Piper, of the Duck and Cover team, celebrates as the last player standing during SchoolPower’s Dodgeball Tournament

Class rivalries played out on the court when the seniors on team 2020 defeated the juniors of Last Kid Picked in a final game for a second-place finish. “It was so much fun to play one last time and to beat the juniors, showing them the Class of 2020 is the best!” said senior Grace Houlahan.

Beyond bragging rights, champions from each division won $500 in prize money to designate to a teacher or school program of their choice. 

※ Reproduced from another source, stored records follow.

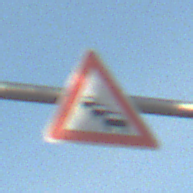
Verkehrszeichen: Stau
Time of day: MorningAfternoon
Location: Outdoor (Suburban)
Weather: PartlyCloudy
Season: NotSpecified
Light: Natural
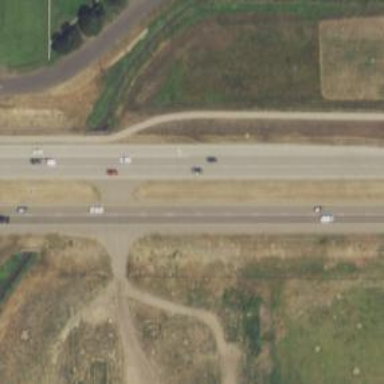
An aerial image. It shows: Expressway with asphalt surface. It is trunk highway with grade1 tracktype.
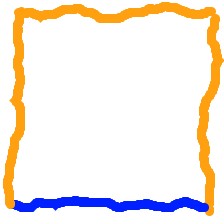
Shape: square
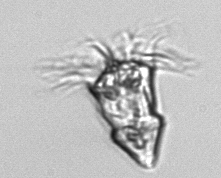
Label: Strombidium_inclinatum
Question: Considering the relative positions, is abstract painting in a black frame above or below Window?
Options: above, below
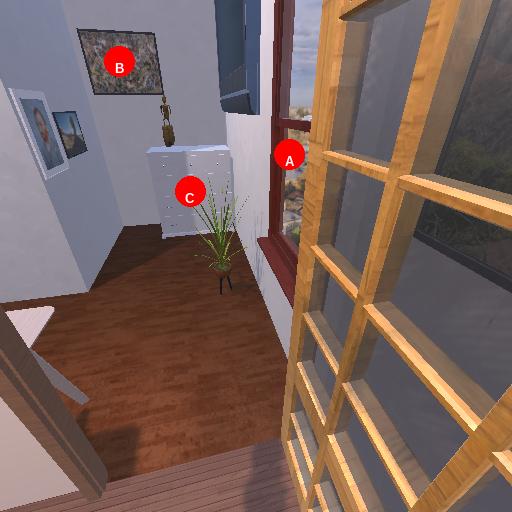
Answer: above
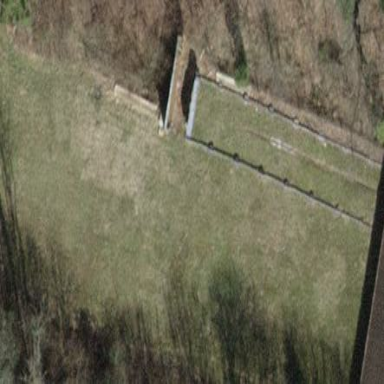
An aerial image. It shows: Shooting range on leisure land pitch.
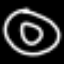
Label: donut
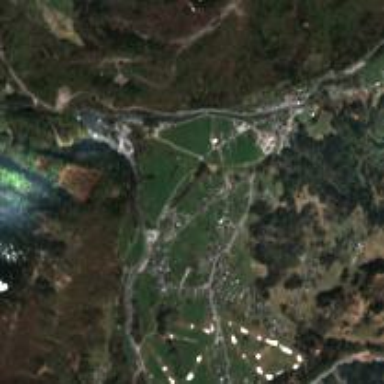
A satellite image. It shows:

For more details about Dodgeball, visit   

The following teams dodged their way to victory.

Division Winners:

--4th/5th - Ball Dogs

--6th-8th - VSCO

--HS/Adult - PrescribeWellness 2

Best Costume Winners:

--4th/5th - The Mighty NarBalls

--6th-8th - Balls of Cereal

--HS/Adult - RhythmRide

SchoolPower’s mission is to enhance the educational experience of the whole student as they grow from TK through 12th grade. In 2018-19, SchoolPower contributed over $736,000 to Laguna Beach school district to help support a wide range of programs, including music, visual and performing arts, STEM, digital literacy, field trips, athletics, social emotional support, service learning, and academic support.